Navigation and service

Usage of ELPA on JURECA

ELPA 2018.11.001 is available on JURECA in a pure MPI and a hybrid MPI and OpenMP version.
A version compiled for GPU usage is also available.
On Booster a version with KNL usage is also available.
ELPA 2016.05.004 is also available but only in an older Stage and in the pure MPI version.The user-interfaces for both versions are different.Version 2018.11.001 will be the last version with the legacy interface to ELPA. All further versions will only support the new interface.ELPA needs MKL for ScaLAPACK, BLACS, LAPACK, and BLAS.It cannot be used with OpenMPI as the BLACS from MKL cannot be used with OpenMPI.

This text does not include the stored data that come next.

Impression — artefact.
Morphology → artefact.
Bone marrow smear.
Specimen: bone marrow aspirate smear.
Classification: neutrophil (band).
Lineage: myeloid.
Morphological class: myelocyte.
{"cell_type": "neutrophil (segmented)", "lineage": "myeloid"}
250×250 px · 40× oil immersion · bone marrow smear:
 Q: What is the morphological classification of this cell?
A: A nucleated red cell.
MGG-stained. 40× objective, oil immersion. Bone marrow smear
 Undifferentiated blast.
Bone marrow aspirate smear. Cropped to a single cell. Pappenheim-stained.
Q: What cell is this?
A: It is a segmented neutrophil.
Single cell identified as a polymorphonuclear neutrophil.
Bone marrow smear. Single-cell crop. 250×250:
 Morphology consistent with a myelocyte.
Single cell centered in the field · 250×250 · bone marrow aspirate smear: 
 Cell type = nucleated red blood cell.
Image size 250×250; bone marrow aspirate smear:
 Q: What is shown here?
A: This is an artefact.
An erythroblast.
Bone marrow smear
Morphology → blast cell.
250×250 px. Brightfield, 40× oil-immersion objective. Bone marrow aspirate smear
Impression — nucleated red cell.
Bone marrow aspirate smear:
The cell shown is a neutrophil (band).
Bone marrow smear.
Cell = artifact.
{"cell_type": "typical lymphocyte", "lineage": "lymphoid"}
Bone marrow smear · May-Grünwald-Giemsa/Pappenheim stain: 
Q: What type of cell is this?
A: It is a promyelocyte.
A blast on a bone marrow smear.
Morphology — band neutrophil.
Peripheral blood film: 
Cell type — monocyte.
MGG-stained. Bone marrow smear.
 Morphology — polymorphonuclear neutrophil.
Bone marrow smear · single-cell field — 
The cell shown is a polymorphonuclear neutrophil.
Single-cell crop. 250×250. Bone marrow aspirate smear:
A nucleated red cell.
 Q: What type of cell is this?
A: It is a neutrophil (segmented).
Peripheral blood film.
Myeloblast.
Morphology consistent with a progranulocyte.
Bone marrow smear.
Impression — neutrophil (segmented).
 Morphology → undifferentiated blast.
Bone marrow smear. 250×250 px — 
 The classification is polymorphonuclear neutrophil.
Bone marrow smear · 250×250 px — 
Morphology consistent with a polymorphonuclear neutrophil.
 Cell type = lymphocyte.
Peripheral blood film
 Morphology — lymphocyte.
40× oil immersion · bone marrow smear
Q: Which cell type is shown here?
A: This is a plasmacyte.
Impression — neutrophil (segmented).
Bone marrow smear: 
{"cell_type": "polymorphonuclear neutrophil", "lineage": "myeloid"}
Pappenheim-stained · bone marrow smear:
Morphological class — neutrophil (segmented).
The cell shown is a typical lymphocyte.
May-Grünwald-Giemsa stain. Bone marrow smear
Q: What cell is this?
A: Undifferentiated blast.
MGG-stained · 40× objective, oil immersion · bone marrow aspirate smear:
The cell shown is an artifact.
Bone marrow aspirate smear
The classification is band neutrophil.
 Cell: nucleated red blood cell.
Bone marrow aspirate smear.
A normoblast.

The latest available version is 2020.05.001 in Stages/Devel-2019a. To access that version say

ml load Stages/Devel-2019a

There are versions with GPU usage available on JURECA. To get full GPU performance it is necessary to enable NVIDIA Multi-process service by adding

#SBATCH --gres=gpu:4 --partition=gpus --cuda-mps

in your batch script.NVIDIA Multi-process service is not compatible with usage of OpenMP on the CPUs thus for GPU usage only the pure MPI versions are available. All other versions are combined versions with the pure MPI version and the hybrid MPI/OpenMP version in one module.

Compiling and linking a Fortran name.f calling ELPA routines from the pure MPI version looks as follows:

module load intel-para
module load ELPA/2018.05.001
mpif90 name.f [-O3 ] \
-I$ELPA_INCLUDE/elpa -L$ELPA_LIB -lelpa \
-lmkl_scalapack_lp64 -lblacs_intelmpi_lp64 \
-lmkl_intel_lp64 -lmkl_sequential -lmkl_core [-liomp5 -lpthread]

For the hybrid version it is recommended (but not necessary) to load the threaded version of Parastation MPI (for IntelMPI this is the default), so for the hbrid version use

module load Intel
module load ParaStationMPI/5.2.2-1-mt
module load ELPA/2018.05.001
mpif90 [-O3] -qopenmp name.f \
-I$ELPA_INCLUDE_OPENMP/elpa -L$ELPA_LIB -lelpa_openmp \
-lmkl_scalapack_lp64 -lblacs_intelmpi_lp64 \
-lmkl_intel_lp64 -lmkl_intel_thread -lmkl_core -liomp5 -lpthread

Even with the hybrid version of ELPA you should link the threaded version of MKL, because part of the threaded parallelization comes from using threaded BLAS routines. When executing a hybrid program using ELPA it is necessary to add

export ELPA_DEFAULT_omp=<number of OpenMP threads per MPI process wanted>

in the batch script befor the srun command to activate the OpenMP version of ELPA.

Examples with a Makefile to make the examples can be found in $ELPA_ROOT/examples.